The move above the $1,000 level excited some platinum bulls, but they have learned to curb their enthusiasm for the metal that continues to disappoint.
The reasons why platinum will eventually break higher
The bullish case for platinum is compelling:
- South Africa is the leading primary producer. The mines are deep, and production costs have risen to levels that do not support output.
- Russia is the other producer, and the war in Ukraine, sanctions on the Russian government, and retaliation threaten fewer exports. Production is a byproduct of nickel output in Norilsk, Siberia, in Russia.
- Platinum’s density and composition make it one of the metals that clean toxic environmental emissions. Addressing climate change increases platinum demand.
- Gold and palladium rose to new record highs from 2020 through 2022. Silver moved over the $22 per ounce level for the first time since 2014, and rhodium and other platinum group metals reached record highs. Platinum has lagged far behind other precious metals.
- Platinum is a thinly traded metal that experiences price gaps and vacuums during rallies and corrections.
The case for a move higher in platinum is nothing new, and many speculators and investors have purchased the metal expecting a substantial rally. However, platinum’s price action has left them scratching their heads as it continues to fail each time it looks ready to make a move on the upside. The one unknown factor is the extent of Russian stockpiles, and Russian selling on rallies could be a reason for the consistent failure. Meanwhile, the current Russian economic woes could mean that selling has accelerated, and the stocks have declined.
Bars and coins are the most direct investment route- The pros and cons
The most direct investment path in the platinum market is via the bars and coins available from worldwide dealers. Bars and coins contain pure platinum metal, so there is no better way to invest. Meanwhile, since platinum is so rare and illiquid, dealers often charge hefty premiums for buying the physical metal and deduct discounts when owners wish to sell. Premiums and discounts are an investment deterrent as it adds prohibitive costs.
The NYMEX futures are the next level for direct investment as they have a delivery mechanism. A holder of a platinum futures contract can stand for delivery and receive a warrant representing 50 ounces of NYMEX approved platinum. The banks and depositories that hold the exchange platinum charge storage and other fees.
The PPLT is the most liquid platinum ETF product
The cleanest way to own platinum exposure without worrying about holding or storing the physical metal is via the Aberdeen Physical Platinum Shares ETF product (PPLT). PPLT’s fund summary states:

At $90.50 per share on June 9, PPLT had over $1.218 billion in assets under management.

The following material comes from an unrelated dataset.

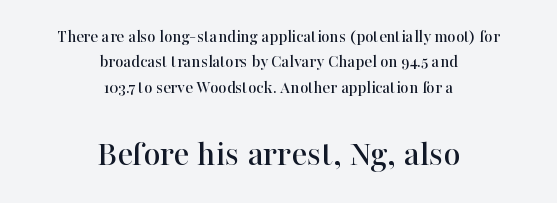
{"serif": "yes", "italic": "no", "width": "normal", "stroke_contrast": "high", "x_height": "medium", "monospaced": "no", "underline": "no", "align": "center", "line_spacing": "normal", "line_spacing_ratio": 1.41, "letter_spacing": "normal", "letter_spacing_em": 0.0, "larger_block": "second", "size_ratio": 2.06, "glyph_px": 37}
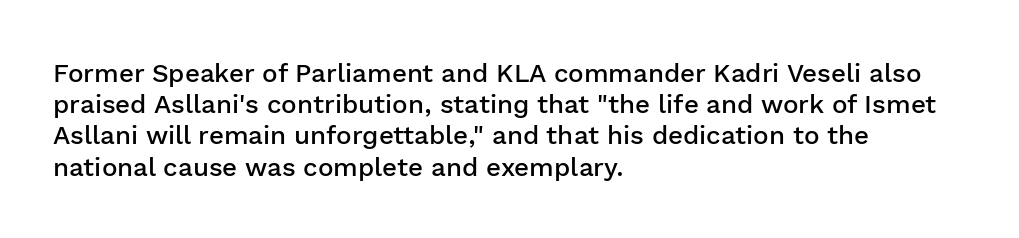
One-word summary of the alignment: left. Anything drawn beneath the words? Only blank space. Style check: upright. Each word holds together tightly as a unit, with standard inter-letter gaps. A semibold gives these letters moderate extra thickness, short of bold.

The ETF trades an average of 109,363 shares each day and charges a 0.60% management fee.
July platinum futures rose from $895.40 on April 27 to $1,038.30 on June 6, or 15.96%.

Over the same period, PPLT moved from $84.39 to $96.27 per share, or 14.08%. The physical platinum market trades around the clock from Sunday evening in the USA to late Friday. The PPLT ETF only trades during hours when the US stock market is operating, so moves to highs or lows occurring outside the stock market’s hours are not reflected in the ETF’s price.
One day, platinum will make its move, and the odds continue to favor a break to the upside. However, the compelling arguments for a rally in platinum have fallen on deaf ears as the metal continues to straddle the $1,000 per ounce level on June 9, 2022.